Most self-conscious processes of change are based on the ability of humans to learn (Henry, 2009), such as when members of a rural fishing community organize to modify rules to control levels of exploitation based on past experiences (Basurto, 2005).
Unconscious processes of change include forgetting, like when there is a very large number of rules and no one ‘remembers’ them all without extensive research, or when laws are never practiced. The same phenomena are observed when certain taboos disappear through language loss, cognitive dissonance, technological change, or non-enforcement. These mechanisms can slowly erode rule systems, which then wither away and eventually can be replaced by new practices and norms of behavior (Kofinas, 2005).
Our dependence on language to communicate and the inherent ambiguity of language can lead to a number of unconscious processes of rule change as well. Rules are composed of mere words and, as Vincent Ostrom (1997) has frequently pointed out, words are not always understood by everyone with the same meaning (see also 2008a, 2008b). A guard may not understand the rules the same way as users. A guard, for example, may interpret rules that place heavy costs on the guard in contrast to those rules that involve low costs. Babbling equilibrium problems are widespread, even among scholars studying rules and norms systems! And, it is a key problem for the social sciences (E. Ostrom, 2005: 179).

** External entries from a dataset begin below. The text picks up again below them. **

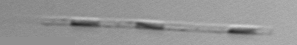
Label: Leptocylindrus
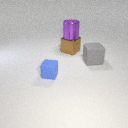
large gray rubber cube to the right of small blue rubber cube
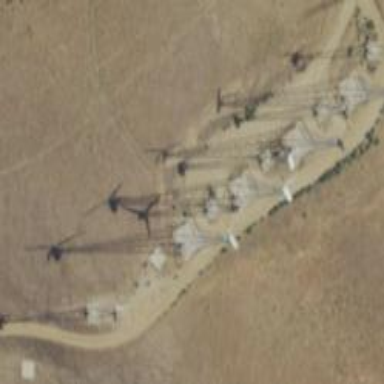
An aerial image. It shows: Wind generator powered by wind turbine.
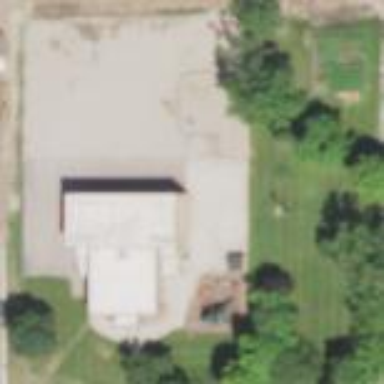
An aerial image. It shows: School.
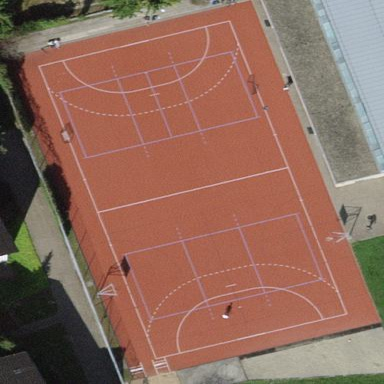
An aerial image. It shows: Multi-sport pitch with tartan surface.
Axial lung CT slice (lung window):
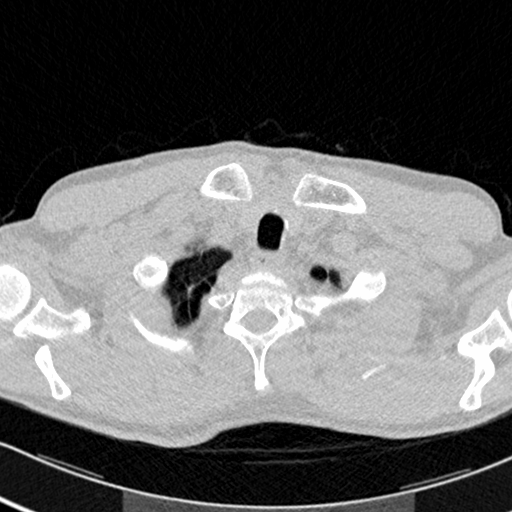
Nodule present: no
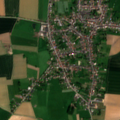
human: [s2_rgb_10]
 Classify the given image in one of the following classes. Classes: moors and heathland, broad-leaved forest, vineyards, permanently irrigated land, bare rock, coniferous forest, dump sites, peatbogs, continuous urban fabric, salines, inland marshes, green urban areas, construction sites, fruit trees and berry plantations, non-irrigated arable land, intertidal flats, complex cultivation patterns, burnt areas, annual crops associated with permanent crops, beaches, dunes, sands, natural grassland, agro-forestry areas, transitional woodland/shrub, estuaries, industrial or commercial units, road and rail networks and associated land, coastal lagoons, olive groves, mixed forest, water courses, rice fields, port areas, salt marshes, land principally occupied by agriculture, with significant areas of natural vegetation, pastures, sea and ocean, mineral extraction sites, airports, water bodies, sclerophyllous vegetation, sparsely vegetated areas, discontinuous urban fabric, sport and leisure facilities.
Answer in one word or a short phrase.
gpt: discontinuous urban fabric, non-irrigated arable land, pastures, complex cultivation patterns, broad-leaved forest
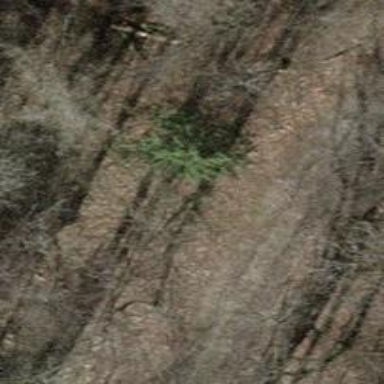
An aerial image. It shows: Pebblestone track with grade2 quality.
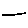
Label: line
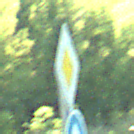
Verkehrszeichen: Vorfahrtsstrasse
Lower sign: VorgeschriebeneFahrtrichtungGeradeaus
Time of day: MorningAfternoon
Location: Outdoor (Nature)
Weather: Clear
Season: NotSpecified
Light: Natural
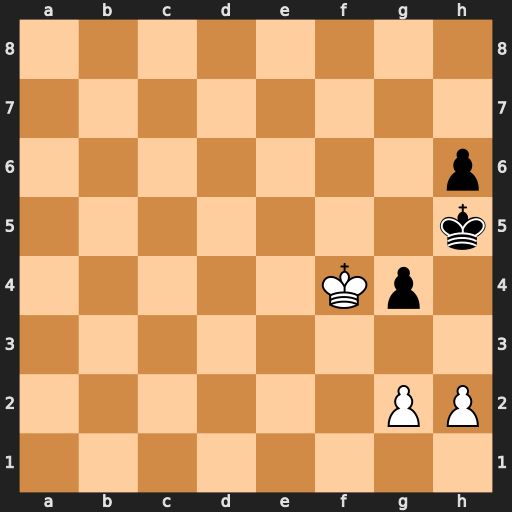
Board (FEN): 8/8/7p/7k/5Kp1/8/6PP/8
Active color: w
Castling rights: -
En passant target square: -
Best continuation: g3 Kg6 Kxg4
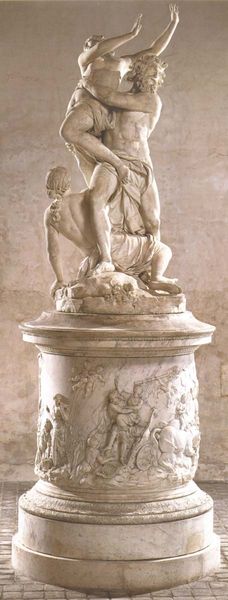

Dopfer et al. (2004) view an economic system as a population of rules, a structure of rules, and a process of rules, where the micro domain refers to the individual carriers of rules and the systems they organize, the macro consists of the population structure of systems of meso, which is where processes of rule change take place.
It is worth restating that it would be naıve to assume that any evolutionary process always leads to better outcomes. In biological systems, competition among populations of diverse species led to the weeding out of many individuals over time who were outcompeted for mates and food in a given environment.